▶ [Extracted data]
▶

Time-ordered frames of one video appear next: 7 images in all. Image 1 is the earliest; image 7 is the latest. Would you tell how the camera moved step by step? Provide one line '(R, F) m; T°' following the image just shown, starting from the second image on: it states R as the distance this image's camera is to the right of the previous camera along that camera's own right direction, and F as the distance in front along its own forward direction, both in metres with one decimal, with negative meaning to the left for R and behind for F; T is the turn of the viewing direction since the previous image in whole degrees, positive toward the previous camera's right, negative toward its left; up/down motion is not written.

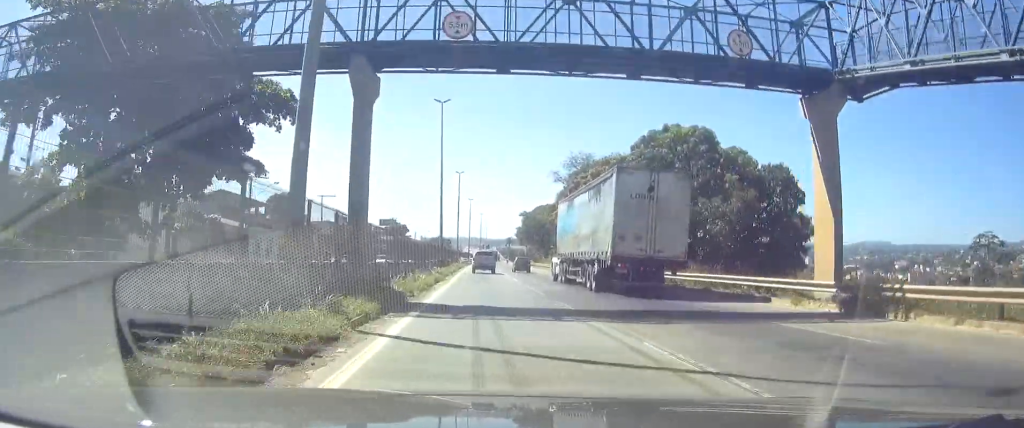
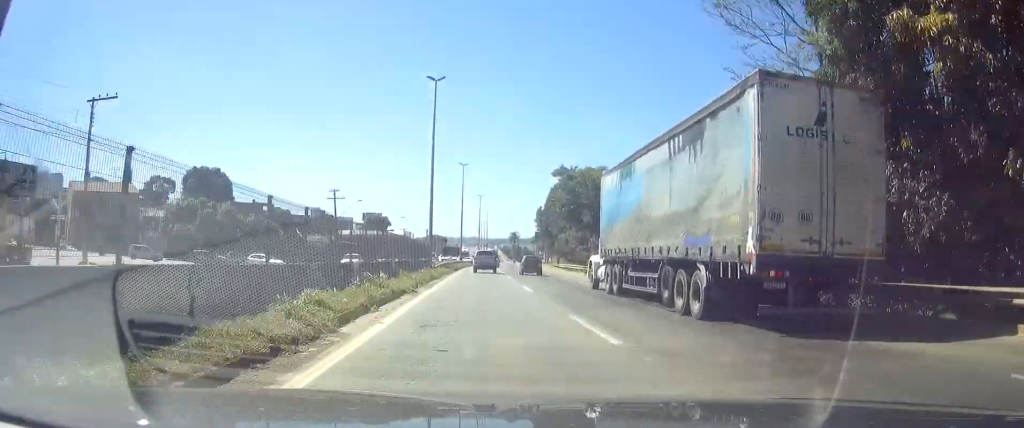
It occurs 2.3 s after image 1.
(-0.2, +55.8) m; 0°
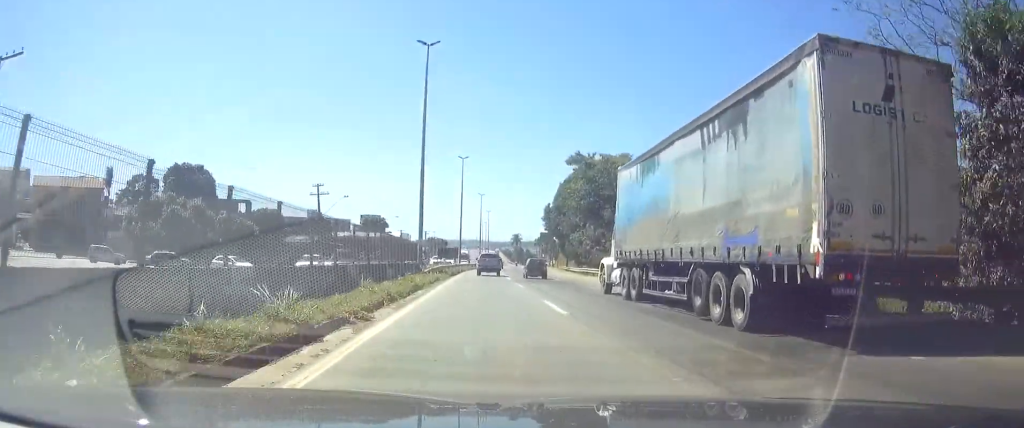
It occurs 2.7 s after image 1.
(0.0, +9.5) m; 0°
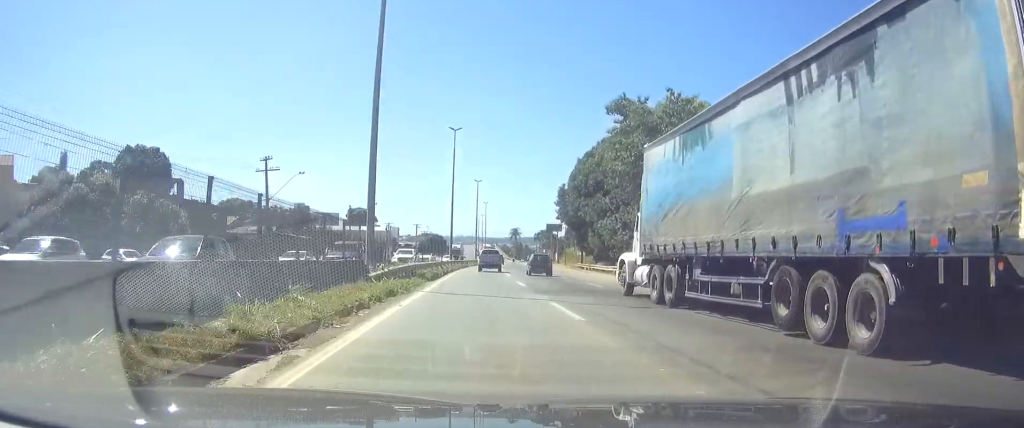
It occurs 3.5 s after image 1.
(+0.3, +18.2) m; 0°
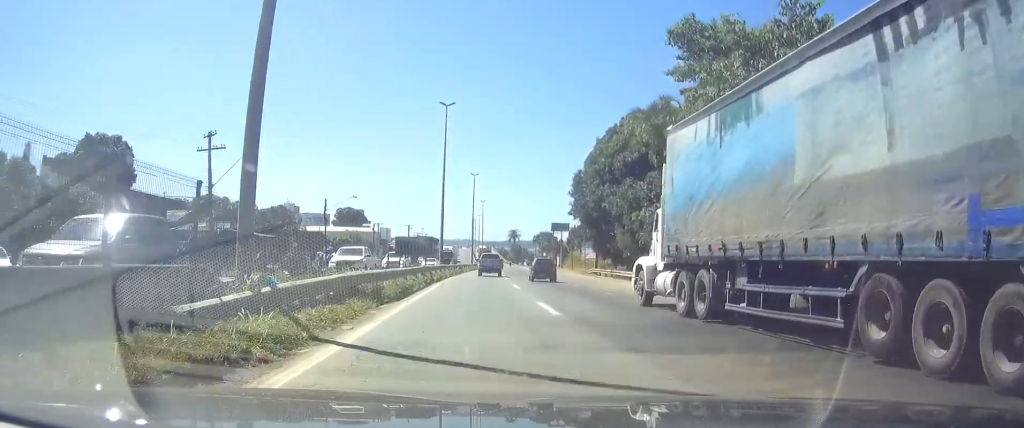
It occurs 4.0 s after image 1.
(-0.2, +12.7) m; 0°
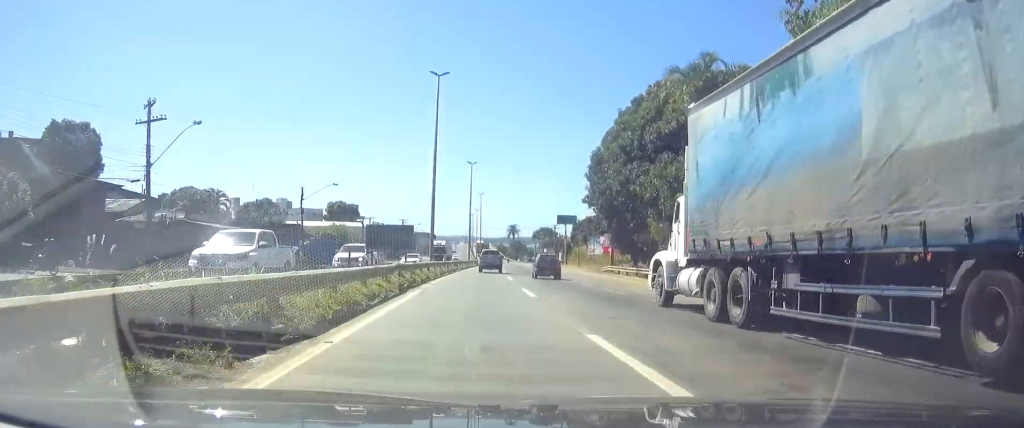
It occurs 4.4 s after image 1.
(-0.1, +9.5) m; 0°
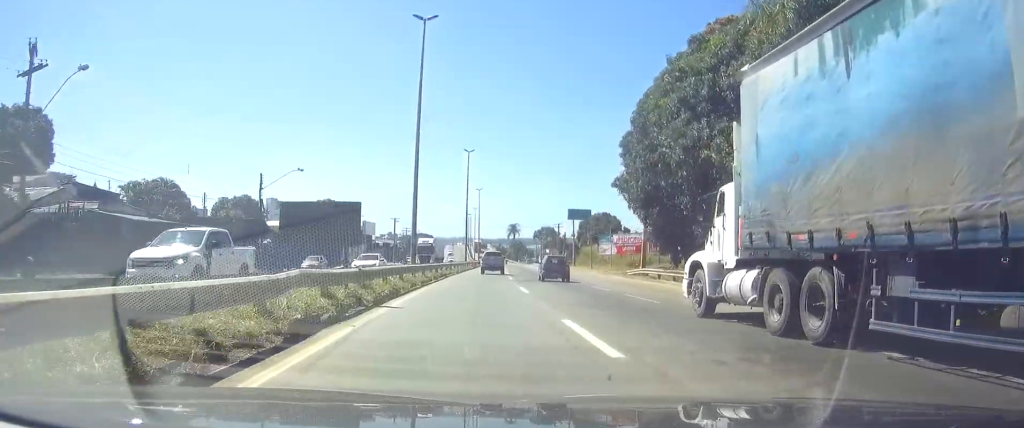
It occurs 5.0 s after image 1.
(+0.1, +12.6) m; 0°

◀

▶ [What is required]
Could you output every entry exactly as written, skipping the pictures?

▶ [Solution to the exercise]
Time-ordered frames of one video appear next: 7 images in all. Image 1 is the earliest; image 7 is the latest. Would you tell how the camera moved step by step? Provide one line '(R, F) m; T°' following the image just shown, starting from the second image on: it states R as the distance this image's camera is to the right of the previous camera along that camera's own right direction, and F as the distance in front along its own forward direction, both in metres with one decimal, with negative meaning to the left for R and behind for F; T is the turn of the viewing direction since the previous image in whole degrees, positive toward the previous camera's right, negative toward its left; up/down motion is not written.

It occurs 2.3 s after image 1.
(-0.2, +55.8) m; 0°
It occurs 2.7 s after image 1.
(0.0, +9.5) m; 0°
It occurs 3.5 s after image 1.
(+0.3, +18.2) m; 0°
It occurs 4.0 s after image 1.
(-0.2, +12.7) m; 0°
It occurs 4.4 s after image 1.
(-0.1, +9.5) m; 0°
It occurs 5.0 s after image 1.
(+0.1, +12.6) m; 0°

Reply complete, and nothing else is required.